⟨
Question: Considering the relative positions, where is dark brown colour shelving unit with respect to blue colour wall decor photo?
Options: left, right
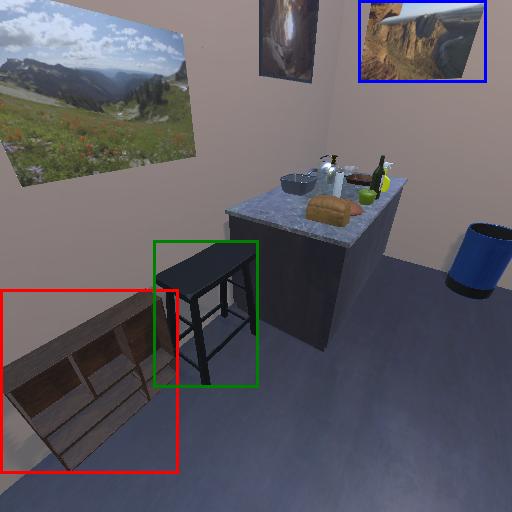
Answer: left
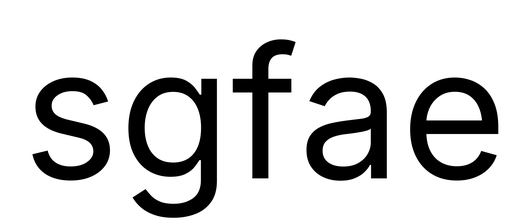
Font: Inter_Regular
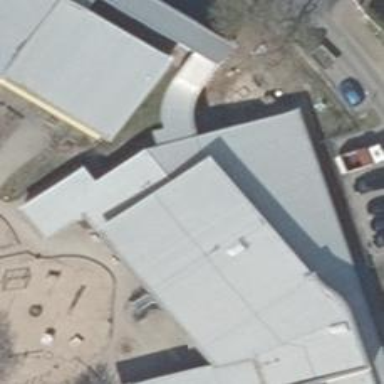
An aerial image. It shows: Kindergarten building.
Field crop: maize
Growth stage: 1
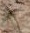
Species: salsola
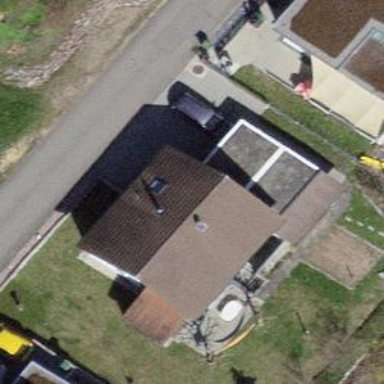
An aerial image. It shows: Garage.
⟩
Repeat the records above word for word, apart from the pictures.

Question: Considering the relative positions, where is dark brown colour shelving unit with respect to blue colour wall decor photo?
Options: left, right
Answer: left
Font: Inter_Regular
An aerial image. It shows: Kindergarten building.
Field crop: maize
Growth stage: 1
Species: salsola
An aerial image. It shows: Garage.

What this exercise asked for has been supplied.